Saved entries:

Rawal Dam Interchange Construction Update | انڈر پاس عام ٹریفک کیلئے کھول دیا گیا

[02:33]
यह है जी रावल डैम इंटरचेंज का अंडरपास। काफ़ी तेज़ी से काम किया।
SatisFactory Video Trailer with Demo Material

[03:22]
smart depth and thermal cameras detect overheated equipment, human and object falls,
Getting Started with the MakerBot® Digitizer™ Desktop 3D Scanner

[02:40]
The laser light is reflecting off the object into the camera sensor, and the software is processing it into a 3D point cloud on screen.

...

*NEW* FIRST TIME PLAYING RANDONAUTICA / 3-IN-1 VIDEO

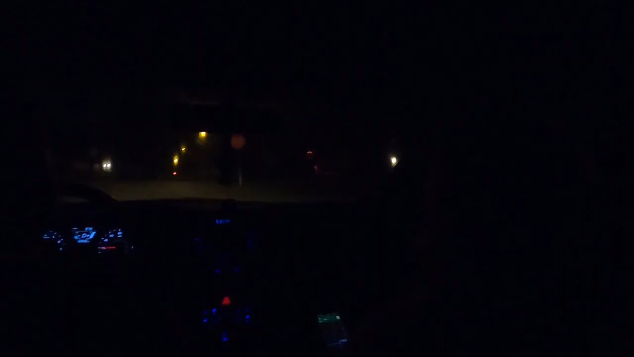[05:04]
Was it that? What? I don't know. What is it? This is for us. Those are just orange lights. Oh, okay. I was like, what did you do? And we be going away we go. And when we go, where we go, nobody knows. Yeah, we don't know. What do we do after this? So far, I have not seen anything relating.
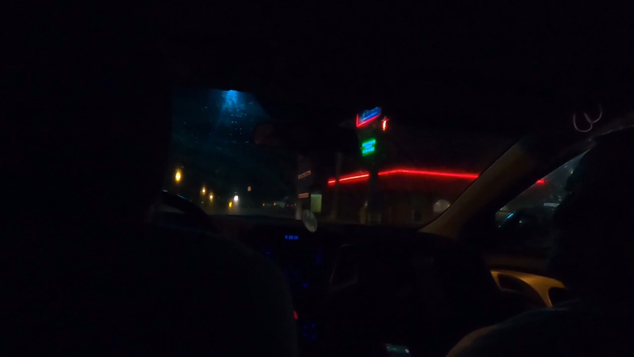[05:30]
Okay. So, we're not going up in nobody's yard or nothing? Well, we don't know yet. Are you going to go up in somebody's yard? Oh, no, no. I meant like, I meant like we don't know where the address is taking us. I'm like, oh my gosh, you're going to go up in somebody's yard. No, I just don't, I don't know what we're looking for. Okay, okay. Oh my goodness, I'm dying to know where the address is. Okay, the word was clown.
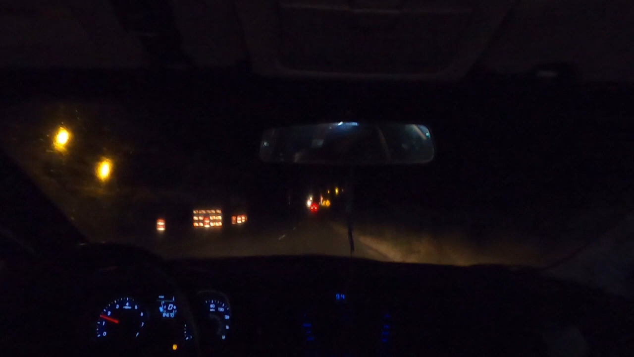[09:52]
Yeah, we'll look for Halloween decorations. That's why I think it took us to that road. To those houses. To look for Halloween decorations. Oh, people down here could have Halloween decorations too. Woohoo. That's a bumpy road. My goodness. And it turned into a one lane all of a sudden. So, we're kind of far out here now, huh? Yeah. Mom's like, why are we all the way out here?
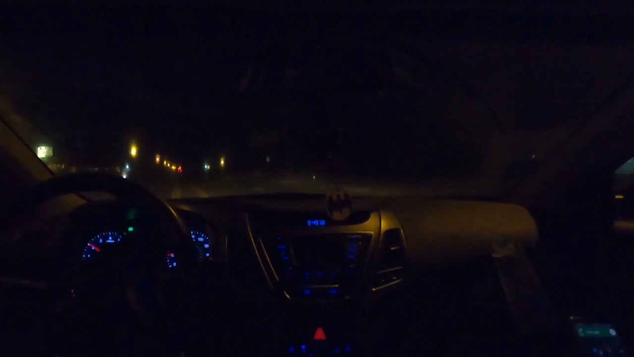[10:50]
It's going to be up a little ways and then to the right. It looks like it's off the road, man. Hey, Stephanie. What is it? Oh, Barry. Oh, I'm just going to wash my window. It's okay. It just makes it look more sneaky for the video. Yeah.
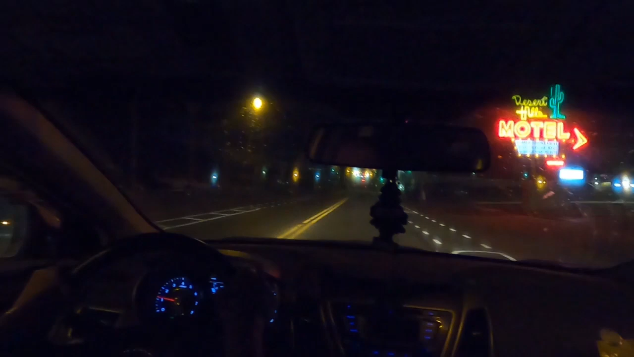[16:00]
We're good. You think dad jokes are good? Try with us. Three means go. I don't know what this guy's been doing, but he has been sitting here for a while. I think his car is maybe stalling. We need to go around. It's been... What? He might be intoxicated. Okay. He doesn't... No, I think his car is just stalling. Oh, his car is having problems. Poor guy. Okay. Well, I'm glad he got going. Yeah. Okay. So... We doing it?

WHAT TO PRODUCE: Will you return exactly the lines above from the one with "Rawal Dam Interchange" down to the one with "Getting Started with", counting both as part of the range?

THE ANSWER:
Rawal Dam Interchange Construction Update | انڈر پاس عام ٹریفک کیلئے کھول دیا گیا

[02:33]
यह है जी रावल डैम इंटरचेंज का अंडरपास। काफ़ी तेज़ी से काम किया।
SatisFactory Video Trailer with Demo Material

[03:22]
smart depth and thermal cameras detect overheated equipment, human and object falls,
Getting Started with the MakerBot® Digitizer™ Desktop 3D Scanner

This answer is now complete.